Most of my customers ask for a shipper’s order bill of lading, which authorizes their bank to take title of the goods should they default on payment. The bank does not release title of the goods to the buyer until payment is received. The bank will also not release these funds to you, the exporter, until all conditions of the sale have been fulfilled at your end.
As I discussed in Chapter 11, getting paid is an essential part of the export transaction. Numerous criteria are applied by businesses when determining which payment instrument to offer as a term of sale. A payment instrument in this case refers to documentary collections such as a sight or time draft, which is widely used in international trade. A documentary collection is the collection by a bank of funds due from a buyer against the delivery of specific documents relating to an export sale. The seller (exporter) sends a draft or other demand for payment with the related shipping documents to the buyer’s bank. Compared to open account sales, the documentary collection offers more security to the seller (exporter), but less than a letter of credit.
Other Important Documents
Over the years, I have found that the following documents have also been required from time to time. This is not a complete listing, but it will give you an idea of what to expect in the way of special documentation requirements. Note: I am providing a more comprehensive approach to the Import and Export License section to resolve any potential confusion or questions you might have on this topic.

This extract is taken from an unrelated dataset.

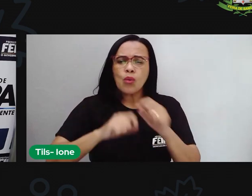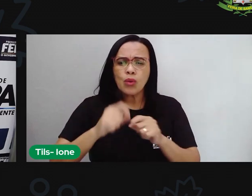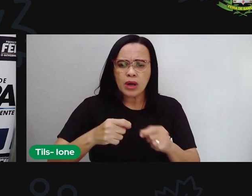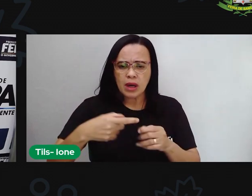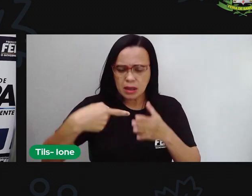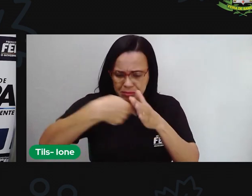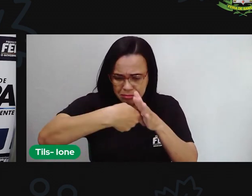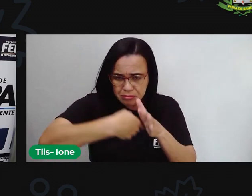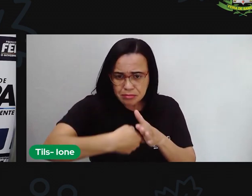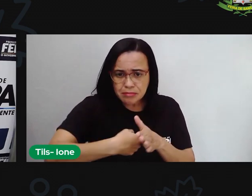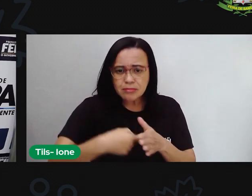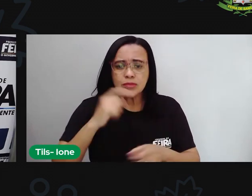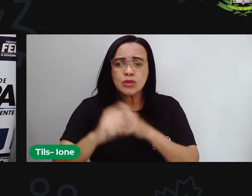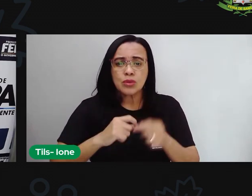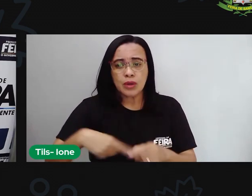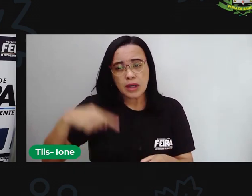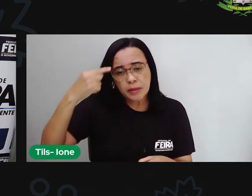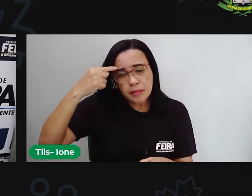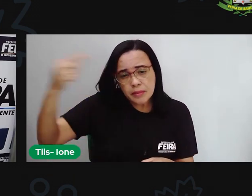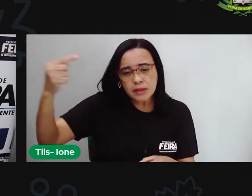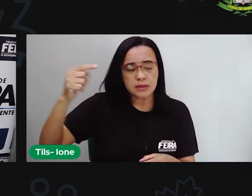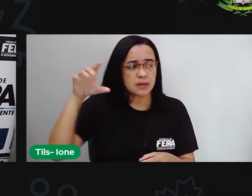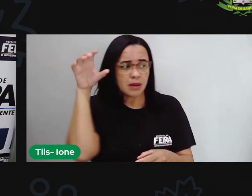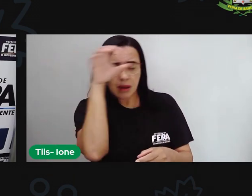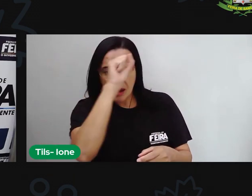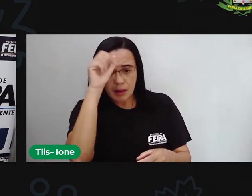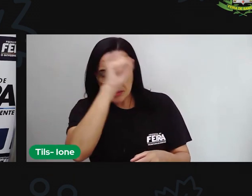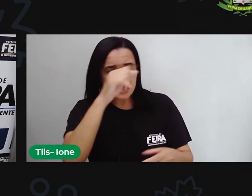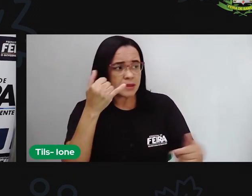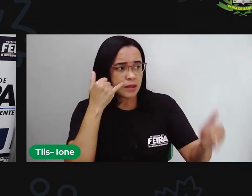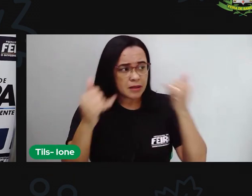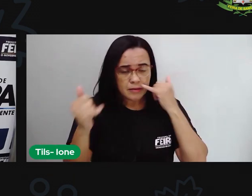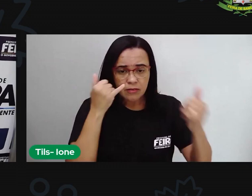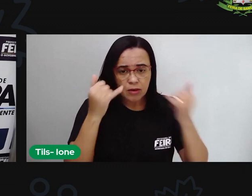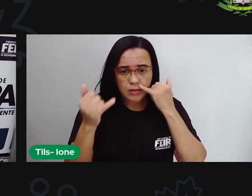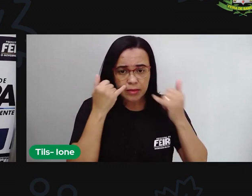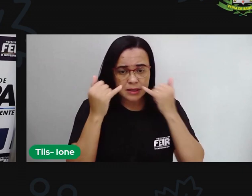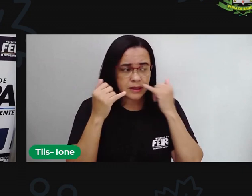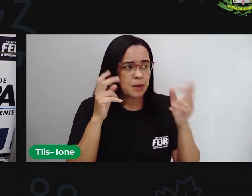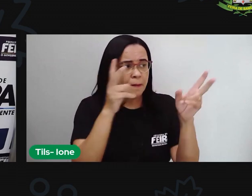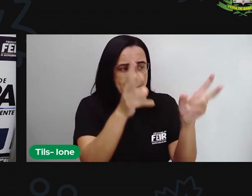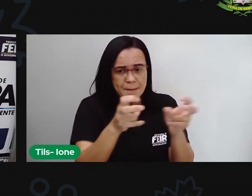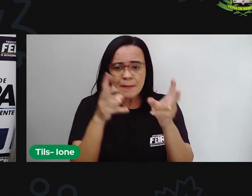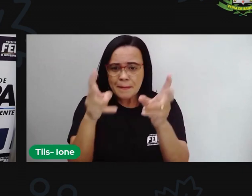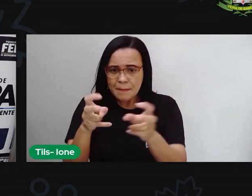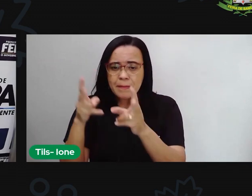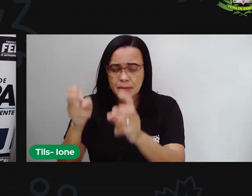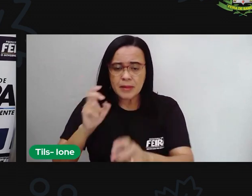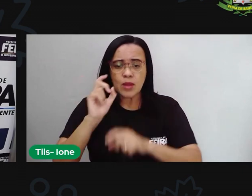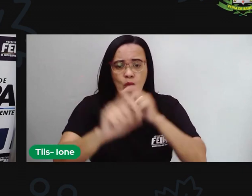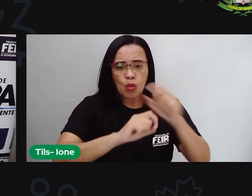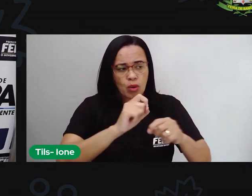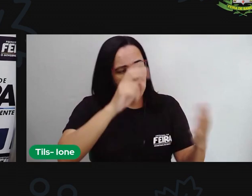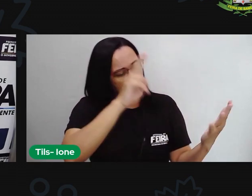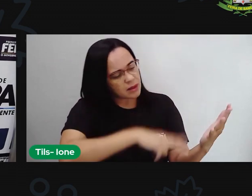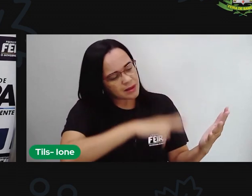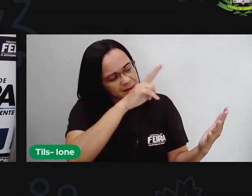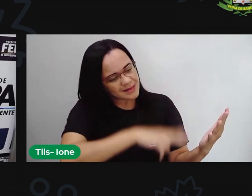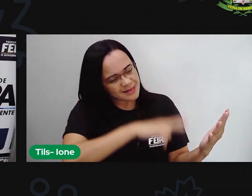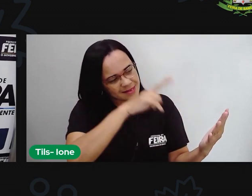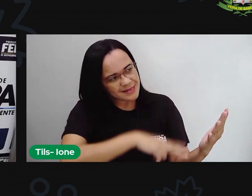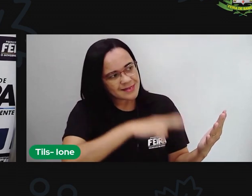com as informações que foram colocadas aí é perceberam aí que a forma como a Proleu não é

When shipping high-value products or when you are dealing with a very conscientious customer, an inspection certificate might be requested. An inspection certificate provides proof that what you are shipping is, in fact, what the customer ordered and is also of good quality. If a customer requests this document, agree to it—but see that he covers the administrative and inspection fees. Also, ask him to recommend an independent inspection agency to perform the review at your end. If he doesn’t have one, ask your export resource bank for a suitable contact.
Tip I once had a customer in Tokyo who asked to have an inspection of his goods done prior to their leaving the factory in Chicago. He requested that his close friend, living in Chicago, conduct the inspection. When the goods were ready for dispatch, my customer’s friend arrived at the plant and opened a few cartons here and there to ensure that we were not shipping inferior merchandise. Then, she eyeballed all the cartons to see that they were marked on the outside in the way her friend had requested. Finding everything in order, she signed the inspection certificate and copies we had prepared in advance. In this case, the inspection didn’t cost the customer a cent, everything was certified as A-OK, and we were all happy!
A few countries still require consular invoices, which are special forms that must be legalized by a consulate of the country to which you are exporting. This procedure prevents under- or overpricing and also helps the consulates pull in a little extra revenue.
Import and Export Licenses
Recently, I received an e-mail from a woman who works at a small manufacturing company. She explained that her company had recently exhibited at a jewelry show in the United States and a German man had expressed interest in a product at her booth. He had said he would buy ten thousand of her pierced-earring backings if she could ship to the port of Hamburg within sixty days. He had a big fair coming up and knew he could preview the holders to his customers and garner much interest.
She was thinking through the details but was very apprehensive about getting involved in exporting because people had told her that it’s hard to get an exporting license. “What is this ‘license’?” she asked. I could tell by her message that this single issue was worrying her more than any other aspect of the export transaction requirements I’ve covered thus far. And, to tell you the truth, I didn’t have an answer for her, so I said I would check with the Export Administration Regulations (EAR) and get back to her.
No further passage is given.